When Eliud Kipchoge ran 26.2 miles in one hour, 59 minutes and 40 seconds in October 2019, it was big news. Not since 1954, when Roger Bannister ran a mile in under four minutes for the first time in recorded history, had a seemingly impossible athletic feat been reeled down to human capacity. Some debated whether Kipchoge’s feat was as impressive as it seemed — his record is considered unofficial because he ran on a closed course, with pacers — while others speculated about the shoes he wore to do it.
They were a prototype of Nike’s since-released Air Zoom Alphafly NEXT%, and the culmination of proprietary running shoe tech that’s proven to actually do what it says: make runners faster. As debates about gear doping came to a head, World Athletics, the governing body of international track and field events, devised new rules to level the footwear playing field.
It’s hard to imagine such a saga taking place in the world of trail running. For whatever reason — its shorter history, its exclusion from the Olympics, its triumphs occurring off-grid, far from the cameras and crowds — trail running hasn’t gained the mass appeal that the road and track variant has. And neither has any one trail running shoe.

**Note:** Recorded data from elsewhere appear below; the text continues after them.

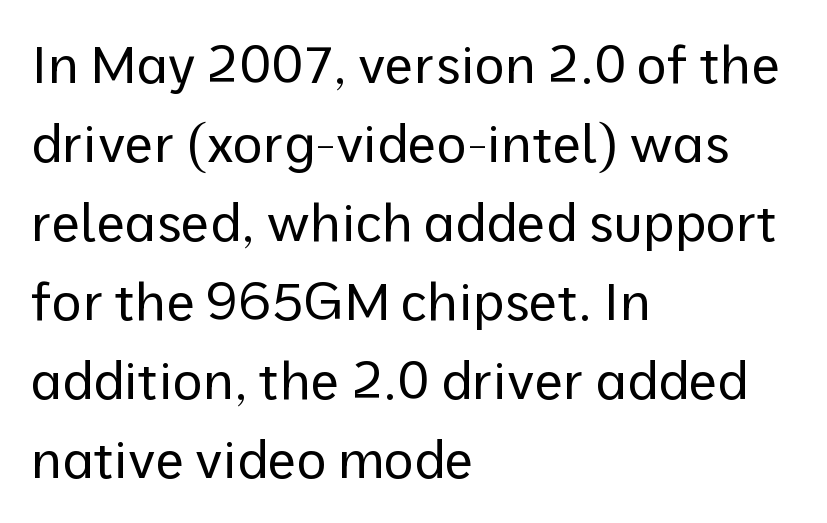
The image shows 52 px regular-weight sans-serif type, upright; set left-aligned, normal line spacing (1.52x), normal letter spacing, not underlined; low stroke contrast and a medium x-height.
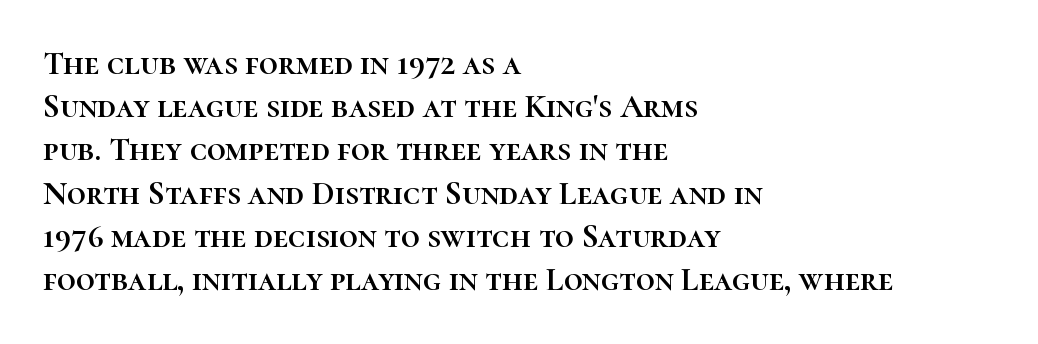
Do the characters align in a grid? No, the font is proportional. Compared with a centered layout, this one pins lines to the left instead. Posture: vertical. Horizontal bands of white between lines are of average thickness. Just letters on the line, the space beneath them empty. Does extra space separate the letters? No, they use regular spacing.
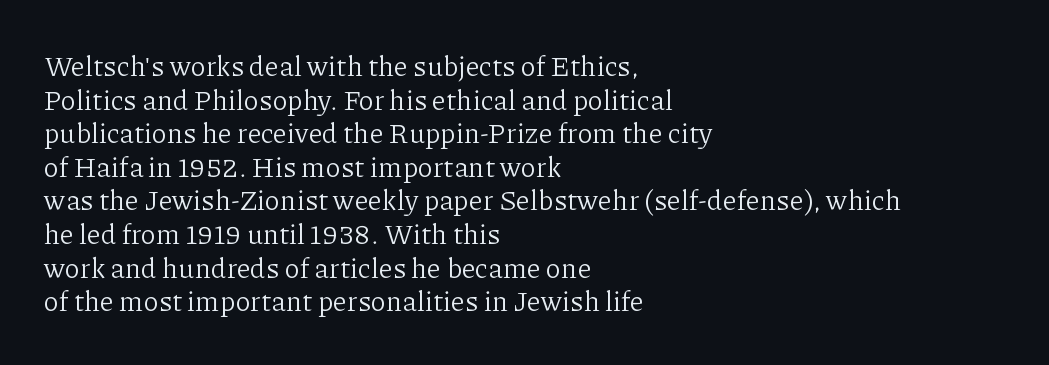
The image shows 28 px light serif type, upright; set left-aligned, line spacing 1.2x, normal letter spacing, not underlined; low stroke contrast and a medium x-height.
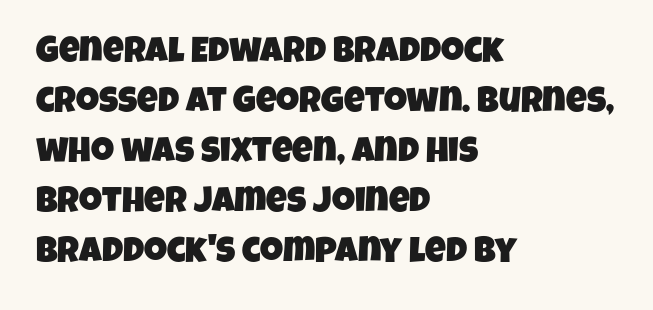
The image shows 36 px condensed sans-serif type; set left-aligned, normal line spacing (1.39x), normal letter spacing, not underlined; low stroke contrast and a large x-height.
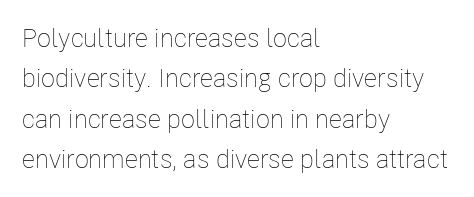
Q: Is the text bold? A: No.
Q: Is the text italic (slanted)? A: No, it is upright.
Q: Is the text underlined? A: No.
Q: How is the paragraph aligned? A: Left-aligned.
Q: Is the spacing between letters normal or unusually wide? A: Normal.
Q: Is the spacing between lines tight, normal or loose? A: Normal.
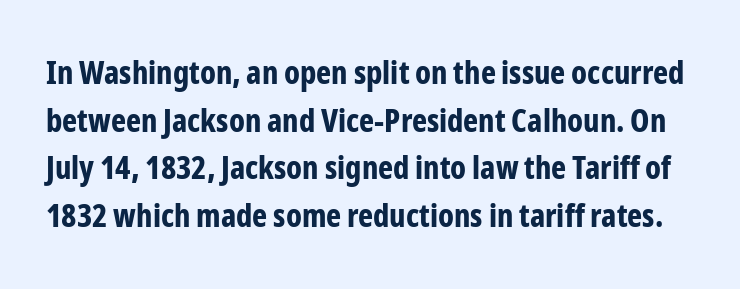
How heavy is the stroke? Heavy — this is a bold. Decoration check: the copy has no underline. Nobody touched the tracking dial on this one. To sum up the face: it is a sans, with no serifs.
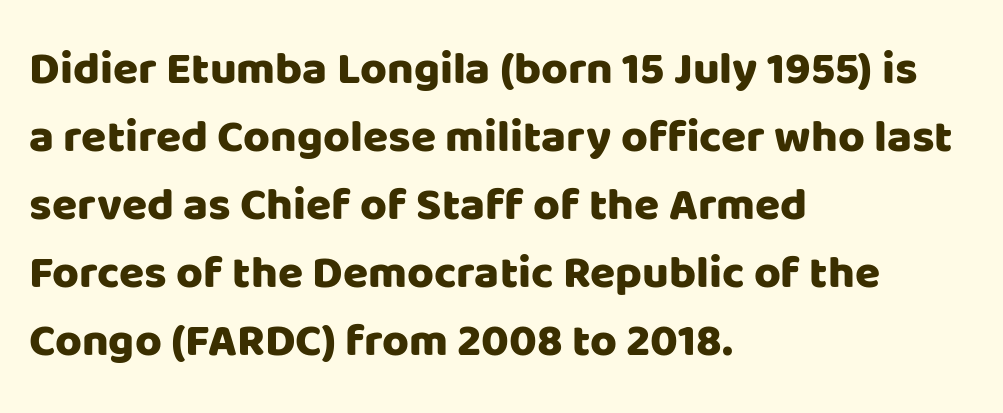
Q: Is the text italic (slanted)? A: No, it is upright.
Q: Is the typeface a serif or a sans-serif typeface? A: Sans-serif.
Q: Is the text underlined? A: No.
Q: How is the paragraph aligned? A: Left-aligned.
Q: Is the spacing between letters normal or unusually wide? A: Normal.
Q: Is the spacing between lines tight, normal or loose? A: Normal.
Q: Width (condensed, normal, or wide)? A: Normal.
Q: Stroke contrast? A: Low.
Q: x-height? A: Large.
Q: Monospaced? A: No.
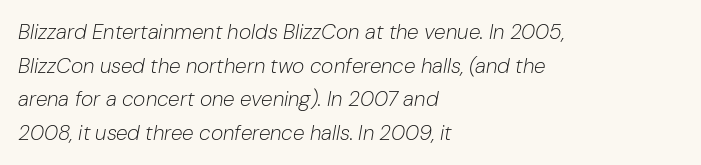
{"italic": "yes", "lean": "right", "slant_degrees": 10, "bold": "no", "underline": "no", "align": "left", "line_spacing": "normal", "line_spacing_ratio": 1.6, "letter_spacing": "normal", "letter_spacing_em": 0.0, "glyph_px": 21}
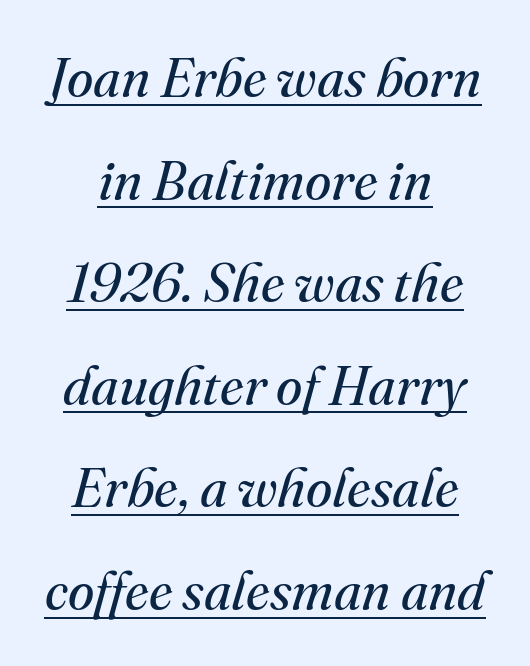
The image shows 54 px regular-weight serif type, italic (leaning right); set loose line spacing (1.9x), normal letter spacing, underlined; medium stroke contrast and a small x-height.

The North Face is intent on changing that. Its first major launch of 2021 is Vectiv, a new trail footwear system that relies on the same plate-propelled design idea that’s swept over the premium road running shoe category. With the shoe dropping this week, here’s everything you need to know — including my own test impressions.
What Is Vectiv?
In a press release, The North Face describes Vectiv as “revolutionary soling architecture.” That is, the layers of shoe stuff underneath your feet. It’s not so much a single thing, like a type of foam or tread, but a few things working together: a plate, a rockered (curved) midsole and an outsole.